Google's WaveNet machine learning-based speech synthesis comes to Assistant

Last year, Google showed off WaveNet, a new way of generating speech that didn’t rely on a bulky library of word bits or cheap shortcuts that result in stilted speech. WaveNet used machine learning to build a voice sample by sample, and the results were, as I put it then, “eerily convincing.” Previously bound to the lab, the tech has now been deployed in the latest version of Google Assistant.

The general idea behind the tech was to recreate words and sentences not by coding grammatical and tonal rules manually, but allowing a machine learning system to see those patterns in speech and generate them sample by sample. A sample, in this case, being the tone generated every 1/16,000th of a second.

At the time of its first release, WaveNet was extremely computationally expensive, taking a full second to generate 0.02 seconds of sound — so a two-second clip like “turn right at Cedar street” would take nearly two minutes to generate. As such, it was poorly suited to actual use (you’d have missed your turn by then) — which is why Google engineers set about improving it.

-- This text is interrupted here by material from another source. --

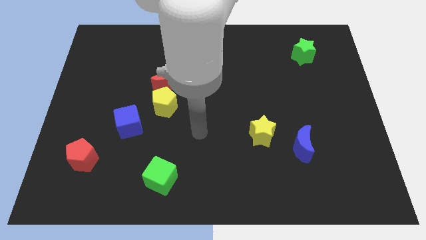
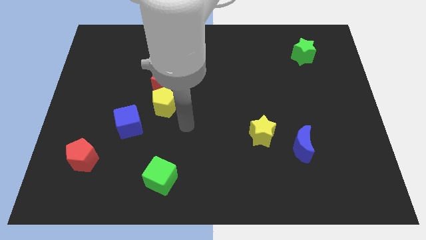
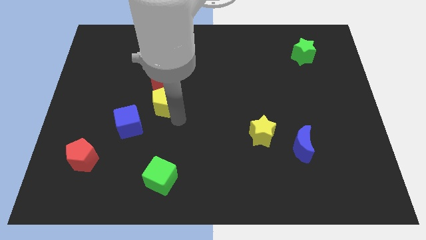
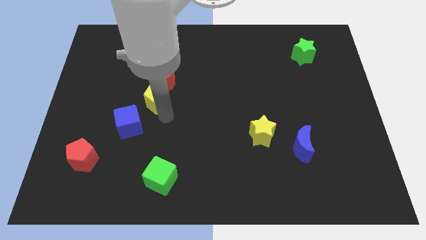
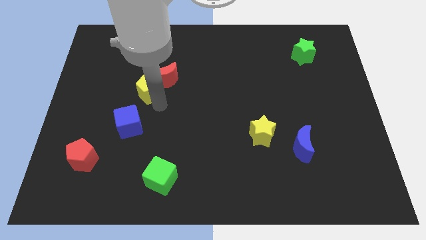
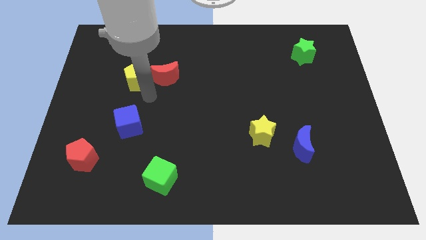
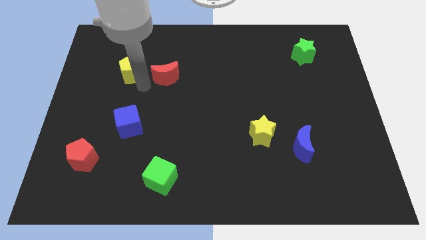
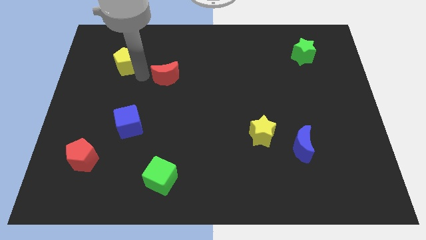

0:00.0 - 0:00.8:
pull the red moon apart from the yellow pentagon

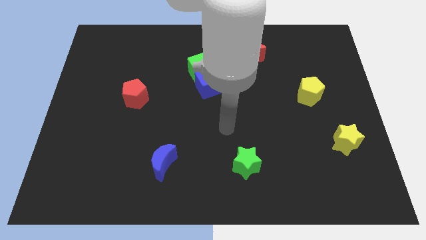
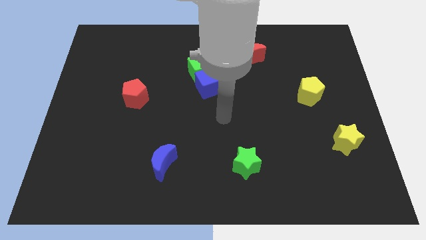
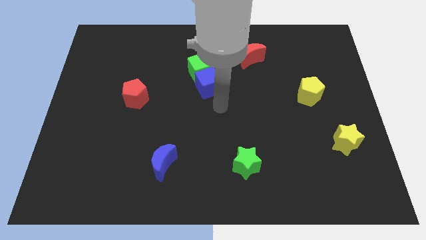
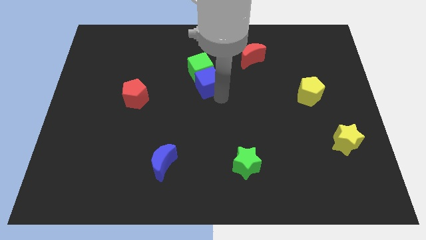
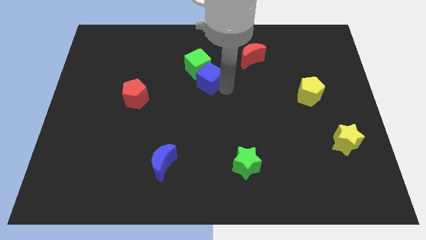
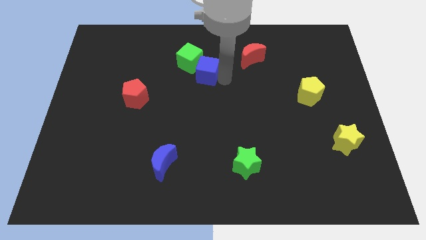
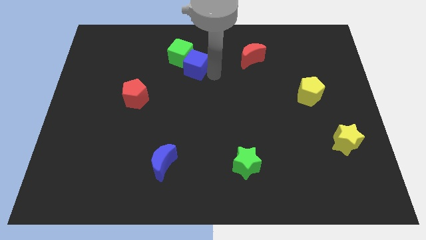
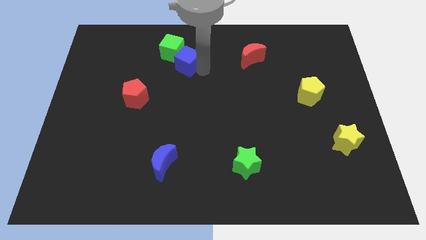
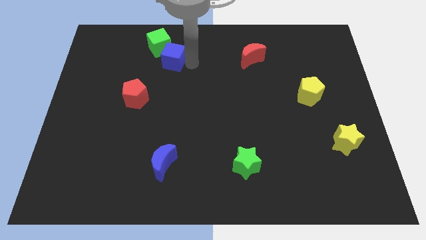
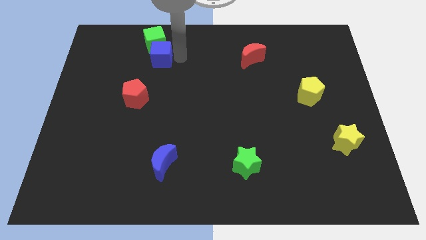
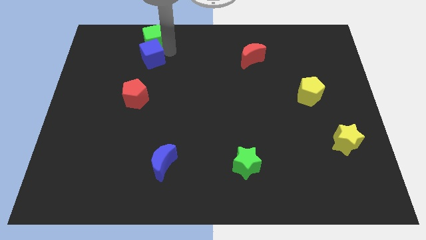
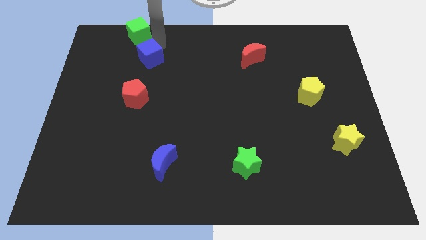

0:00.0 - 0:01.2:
separate the blue cube from the green cube

The new, improved WaveNet generates sound at 20x real time — generating the same two-second clip in a tenth of a second. And it even creates sound at a higher sample rate: 24,000 samples per second, and at 16 versus 8 bits. Not that high-fidelity sound can really be appreciated in a smartphone speaker, but given today’s announcements, we can expect Assistant to appear in many more places soon.

The voices generated by WaveNet sound considerably better than the state of the art concatenative systems used previously:

Old and busted:

New and hot:

(More samples are available at the Deep Mind blog post, though presumably the Assistant will also sound like this soon.)

WaveNet also has the admirable quality of being extremely easy to scale to other languages and accents. If you want it to speak with a Welsh accent, there’s no need to go in and fiddle with the vowel sounds yourself. Just give it a couple dozen hours of a Welsh person speaking and it’ll pick up the nuances itself. That said, the new voice is only available for U.S. English and Japanese right now, with no word on other languages yet.

In keeping with the trend of “big tech companies doing what the other big tech companies are doing,” Apple, too, recently revamped its assistant (Siri, don’t you know) with a machine learning-powered speech model. That one’s different, though: it didn’t go so deep into the sound as to recreate it at the sample level, but stopped at the (still quite low) level of half-phones, or fractions of a phoneme.

The team behind WaveNet plans to publish its work publicly soon, but for now you’ll have to be satisfied with their promises that it works and performs much better than before.